What an everyday landlord should actually do here

If you own one to four units in Westport: hire a property manager who knows the local court. The pricing differential between self-managing and hiring out is small relative to the cost of one botched eviction in a ELEVATED tier market. If you own five or more: build relationships with a local landlord-side attorney before you need one, since retainer fees are negligible compared to emergency-rate billing when an eviction is already moving.

The avoidable mistakes here are all upstream of the filing: weak screening, an informal lease, sloppy rent receipts, and notice templates pulled off the internet that don't match Washington's statutory language. Fix those four, and most cases settle or default. Skip them, and a $18,771 all-in fight is the realistic worst case.

04bPractical traps

Local traps to avoid in Westport

Trap · PRACTICAL TRAP
Cost-versus-timeline trade-off: at 168 days and roughly $18,771 on the high end, cash-for-keys at $7,508 to $11,262 typically beats the legal route for non-aggravated cases.

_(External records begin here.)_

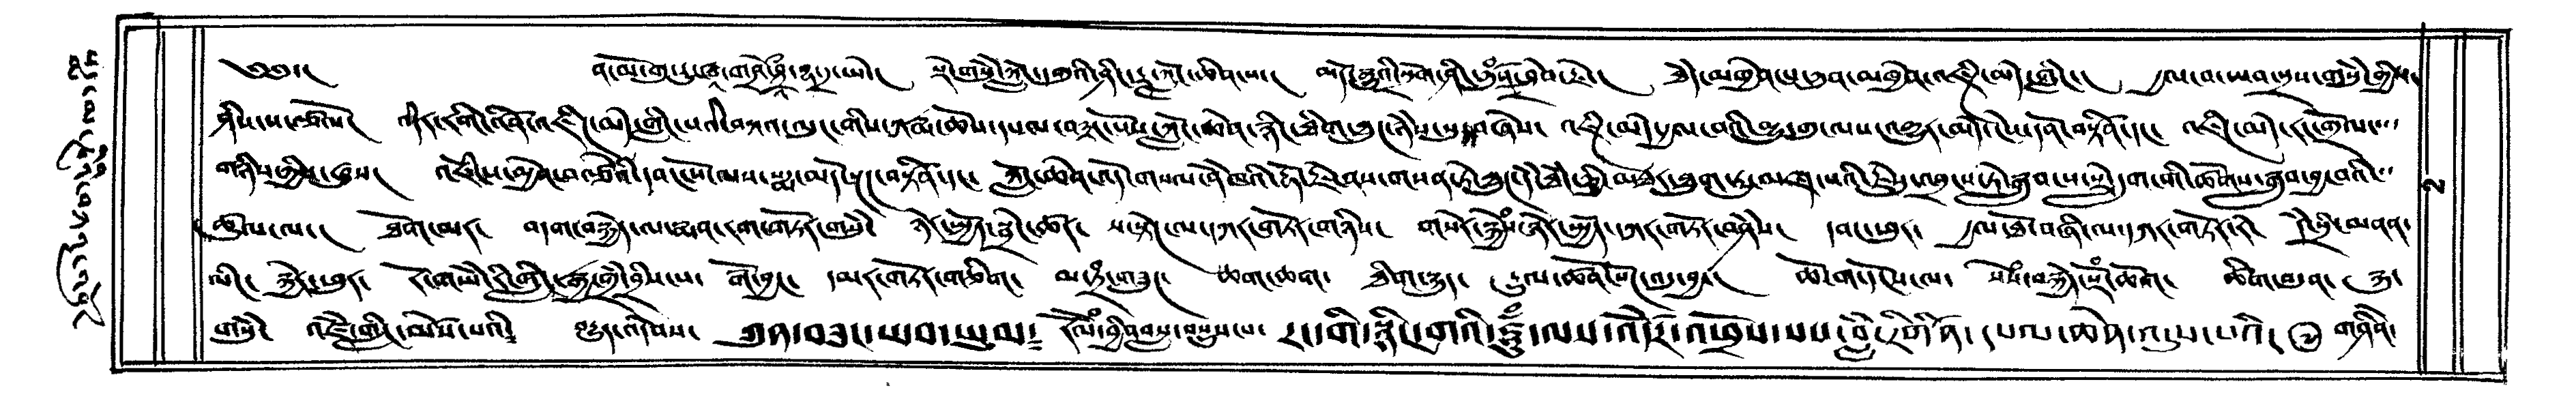ན་མོ་གུ་རུ་ཝཱ་གིནྡྲ་ཤྲཱི་བྷ་དྲ་ཡེ། སྡེ་གསུམ་ཀློང་དགུའི་ཤིང་རྟ་ཀློང་ཆེན་པ། །མདོ་སྒྱུའི་སྲོག་ཤིང་ཀུན་བཟང་ཤེས་རབ་རྗེ། །ཐམས་ཅད་མཁྱེན་པ་ཀུན་མཁྱེན་འཇིགས་མེད་གླིང་། །རྒྱལ་བ་ཡབ་སྲས་གསུམ་གྱིས་
ཤིས་པ་སྩོལ། །འདིར་རིག་འཛིན་འཇིགས་མེད་གླིང་པའི་བཀའ་ལུང་གིས་ཀརྨ་ཆོས་དཔལ་བཟང་པོས་ཀློང་ཆེན་སྙིང་ཐིག་ཐུགས་ཉམས་སུ་བཞེས། འཇིགས་མེད་རྒྱལ་བའི་མྱུ་གུ་ལས་འགྱུར་མེད་ངེས་དོན་བསྟན་འཛིན་དང་་འཇིགས་མེད་རང་གྲོལ་
གཉིས་ཀྱིས་ཞུས། འཇམ་དབྱངས་མཁྱེན་བརྩེ་དབང་པོ་ལས་པདྨ་མདོ་སྔགས་བསྟན་འཛིན་དང་ཀློང་ཆེན་འོད་གསལ་ནམ་མཁའི་རྡོ་རྗེ་གཉིས་ཀྱིས་གསན་ཏེ་ཐུགས་དམ་ཐམས་ཅད་ཀྱི་མཐར་ཐུག་ཏུ་མཛད་པའི་རྗེས་སུ་འབྲངས་ཏེ་སྒྲུབ་པ་སྡེ་དྲུག་གི་ཚོགས་སྒྲུབ་བྱ་བའི་
ཚུལ་ལ། ཐོག་མར། བདག་བསྐྱེད་ལ་སྨན་རག་གཏོར་གསུམ། ཉེར་སྤྱོད་སྦྲེང་ཚར། ས་སྟེགས་ལ་དཀར་གཏོར་གཉིས། གསེར་སྐྱེམས་ཉེར་སྤྱོད་དཀར་གཏོར་བཤམ། དབང་ཕུར། རྒྱལ་ཐོ་བཞི་ལ་དཀར་གཏོར་རེ། དམ་སྲི་མནན་
ལིང་། སྐྱེར་ཕུར། རོ་གཡམ་རི་གླིང་རྒྱ་གྲམ་བྲིས་པ། སྒོ་བྱང་། དམར་གཏོར་གཅིག མ་ཏྲཾ་གཟུགས། ཆག་ཆག ཐིག་སྐུད། རྡུལ་ཚོན་སོགས་འདུ་བྱ། ཆོ་ག་དངོས་ལ། སེམས་བསྐྱེད་སྡོམ་ཆོག། ཚིག་བདུན། སྐུ་
གསུམ། འཛམ་གླིང་མཛེས་པའི། བརྒྱུད་འདེབས། ཀུན་བཟང་ཡབ་ཡུམ༴ རོལ་མོ་བྱིན་རླབས་བསྡུས་པ། རག་གི་སྙིང་གའི་ཧཱུྃ་ལས་འོད་ཟེར་འཕྲོས་པས་བླ་མ་རིག་འཛིན་དཔལ་ཆེན་འདུས་པའི་གཤིན་རྗེ་

Default judgment frequency is high under HB 1236 + RCW 59.18.
05FAQ

Frequently asked questions

Q1

Can I evict a tenant in Westport if their lease isn't up?

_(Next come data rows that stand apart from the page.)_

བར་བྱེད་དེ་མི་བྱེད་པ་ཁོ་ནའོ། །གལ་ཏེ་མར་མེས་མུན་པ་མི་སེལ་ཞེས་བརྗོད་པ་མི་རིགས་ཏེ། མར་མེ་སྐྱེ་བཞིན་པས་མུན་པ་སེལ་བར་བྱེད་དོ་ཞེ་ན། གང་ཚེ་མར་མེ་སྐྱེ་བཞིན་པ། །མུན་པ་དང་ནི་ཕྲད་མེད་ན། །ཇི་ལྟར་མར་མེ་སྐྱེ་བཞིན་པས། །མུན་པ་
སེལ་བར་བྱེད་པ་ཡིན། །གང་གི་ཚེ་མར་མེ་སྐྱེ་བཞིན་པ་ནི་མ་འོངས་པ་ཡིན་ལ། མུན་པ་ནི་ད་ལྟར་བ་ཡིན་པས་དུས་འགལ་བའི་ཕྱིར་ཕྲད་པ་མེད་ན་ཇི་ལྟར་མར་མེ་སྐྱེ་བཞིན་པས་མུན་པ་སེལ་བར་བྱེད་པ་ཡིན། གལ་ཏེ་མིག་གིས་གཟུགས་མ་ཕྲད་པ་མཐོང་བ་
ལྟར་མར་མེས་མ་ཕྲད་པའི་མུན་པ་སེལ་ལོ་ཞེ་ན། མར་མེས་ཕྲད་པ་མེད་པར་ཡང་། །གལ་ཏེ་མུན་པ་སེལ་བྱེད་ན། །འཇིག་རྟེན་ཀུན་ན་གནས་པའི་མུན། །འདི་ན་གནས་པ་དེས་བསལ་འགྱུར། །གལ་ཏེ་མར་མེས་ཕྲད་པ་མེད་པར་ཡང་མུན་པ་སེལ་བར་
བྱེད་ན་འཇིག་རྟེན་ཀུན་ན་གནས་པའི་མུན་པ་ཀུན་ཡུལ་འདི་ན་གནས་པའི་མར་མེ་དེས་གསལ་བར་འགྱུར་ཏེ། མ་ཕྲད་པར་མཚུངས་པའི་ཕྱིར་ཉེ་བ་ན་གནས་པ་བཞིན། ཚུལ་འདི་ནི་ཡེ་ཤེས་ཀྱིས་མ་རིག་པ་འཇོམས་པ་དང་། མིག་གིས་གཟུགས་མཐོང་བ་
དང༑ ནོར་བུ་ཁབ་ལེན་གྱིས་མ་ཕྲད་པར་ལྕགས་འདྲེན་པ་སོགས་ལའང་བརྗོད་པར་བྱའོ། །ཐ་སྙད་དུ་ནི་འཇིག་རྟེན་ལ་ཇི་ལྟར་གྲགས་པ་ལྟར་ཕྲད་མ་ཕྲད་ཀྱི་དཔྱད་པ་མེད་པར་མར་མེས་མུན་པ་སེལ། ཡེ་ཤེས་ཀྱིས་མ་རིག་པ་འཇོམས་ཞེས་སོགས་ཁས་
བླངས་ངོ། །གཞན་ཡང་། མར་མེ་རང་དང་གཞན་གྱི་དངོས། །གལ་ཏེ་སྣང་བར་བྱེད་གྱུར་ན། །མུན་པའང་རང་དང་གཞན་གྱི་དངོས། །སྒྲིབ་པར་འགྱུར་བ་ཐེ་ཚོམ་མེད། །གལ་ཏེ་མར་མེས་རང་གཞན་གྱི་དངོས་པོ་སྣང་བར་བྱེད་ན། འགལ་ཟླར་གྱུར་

Yes, but only for "just cause" under Washington law (RCW § 59.18). Non-payment of rent, significant lease violations, or specific landlord reasons like selling the property are examples. You cannot evict without a valid, documented reason, even if it's a month-to-month lease.

Q2

How long does it take to get a tenant out for non-payment in Westport?

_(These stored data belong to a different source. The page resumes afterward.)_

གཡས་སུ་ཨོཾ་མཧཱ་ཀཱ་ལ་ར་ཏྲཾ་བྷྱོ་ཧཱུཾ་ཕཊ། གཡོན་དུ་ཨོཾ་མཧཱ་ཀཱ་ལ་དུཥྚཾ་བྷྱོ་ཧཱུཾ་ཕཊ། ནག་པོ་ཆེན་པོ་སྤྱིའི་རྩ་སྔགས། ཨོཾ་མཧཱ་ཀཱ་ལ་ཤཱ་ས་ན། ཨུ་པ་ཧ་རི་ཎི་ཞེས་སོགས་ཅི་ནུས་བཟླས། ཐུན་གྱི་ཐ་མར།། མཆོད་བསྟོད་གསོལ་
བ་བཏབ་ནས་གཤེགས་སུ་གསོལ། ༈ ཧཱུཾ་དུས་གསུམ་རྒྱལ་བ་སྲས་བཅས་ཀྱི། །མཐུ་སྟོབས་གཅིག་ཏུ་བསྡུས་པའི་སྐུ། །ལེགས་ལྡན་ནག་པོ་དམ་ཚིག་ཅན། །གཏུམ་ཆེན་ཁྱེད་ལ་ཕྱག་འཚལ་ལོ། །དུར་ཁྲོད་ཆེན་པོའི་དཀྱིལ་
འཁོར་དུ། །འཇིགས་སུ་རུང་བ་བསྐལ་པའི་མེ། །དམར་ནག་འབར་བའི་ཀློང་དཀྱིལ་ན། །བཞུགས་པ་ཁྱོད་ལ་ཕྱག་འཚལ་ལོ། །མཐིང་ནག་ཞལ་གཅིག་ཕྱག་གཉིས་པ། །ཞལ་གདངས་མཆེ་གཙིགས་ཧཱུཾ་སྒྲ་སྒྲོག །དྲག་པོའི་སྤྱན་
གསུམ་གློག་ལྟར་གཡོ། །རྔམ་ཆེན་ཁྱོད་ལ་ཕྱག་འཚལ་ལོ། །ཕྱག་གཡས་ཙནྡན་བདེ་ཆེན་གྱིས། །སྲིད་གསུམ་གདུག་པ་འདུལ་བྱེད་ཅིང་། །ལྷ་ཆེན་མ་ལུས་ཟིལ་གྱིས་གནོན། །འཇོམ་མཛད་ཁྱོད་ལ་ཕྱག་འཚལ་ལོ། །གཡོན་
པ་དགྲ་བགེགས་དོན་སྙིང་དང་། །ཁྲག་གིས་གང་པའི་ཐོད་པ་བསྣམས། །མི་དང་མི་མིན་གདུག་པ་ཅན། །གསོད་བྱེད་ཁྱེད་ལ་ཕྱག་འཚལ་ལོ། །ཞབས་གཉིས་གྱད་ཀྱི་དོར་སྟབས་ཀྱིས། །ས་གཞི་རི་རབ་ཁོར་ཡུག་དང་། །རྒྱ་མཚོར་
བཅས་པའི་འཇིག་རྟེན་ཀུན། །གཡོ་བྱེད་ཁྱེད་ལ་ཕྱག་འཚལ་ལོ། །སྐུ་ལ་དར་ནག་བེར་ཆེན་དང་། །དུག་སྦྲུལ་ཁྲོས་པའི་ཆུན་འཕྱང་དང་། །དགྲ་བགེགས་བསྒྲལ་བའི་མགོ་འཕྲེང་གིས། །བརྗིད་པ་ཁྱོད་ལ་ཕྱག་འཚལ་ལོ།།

The typical timeline in Westport, WA, is around 168 days, or about 5.5 months. This includes the initial 14-day pay-or-quit notice, court filing, potential hearings, and the final lockout by the sheriff. It's a long process.

Q3

What's the most common mistake landlords make during eviction in Washington?

The biggest mistake is procedural errors, incorrect notices, improper service, or missing deadlines. Washington courts are strict. One mistake can get your case dismissed, forcing you to restart the entire process and costing you months and thousands of dollars.

Q4

Do I need a lawyer for an eviction in Grays Harbor County?

While not legally required, it's highly recommended. Given the complexity of Washington's Residential Landlord-Tenant Act, the just-cause requirement, and the potential for tenant organizing, an experienced attorney will save you time, money, and stress in the long run. Don't go it alone.

Q5

Can I charge whatever I want for a security deposit in Westport?

No. Washington state law caps security deposits at one month's rent. You also have strict rules about how and when to return it, and what deductions are permissible. You must provide a written statement within 21 days of the tenant moving out.

06Score

What this score means for landlords2

A 6.4/10 places Westport in the 26th percentile of Washington cities on the Eviction Risk Score index. The score is the average of the nine sub-axes, all calibrated on a national 1 to 10 scale where 1 is most landlord-friendly and 10 is most tenant-protective. The 50-year reconstruction shows this score has risen sharply since 1976, a structural drift driven by court-calendar growth, rent-control adoption, and the rise of tenant-side legal aid. The trajectory matters more than the snapshot: the score is the climate, not the weather.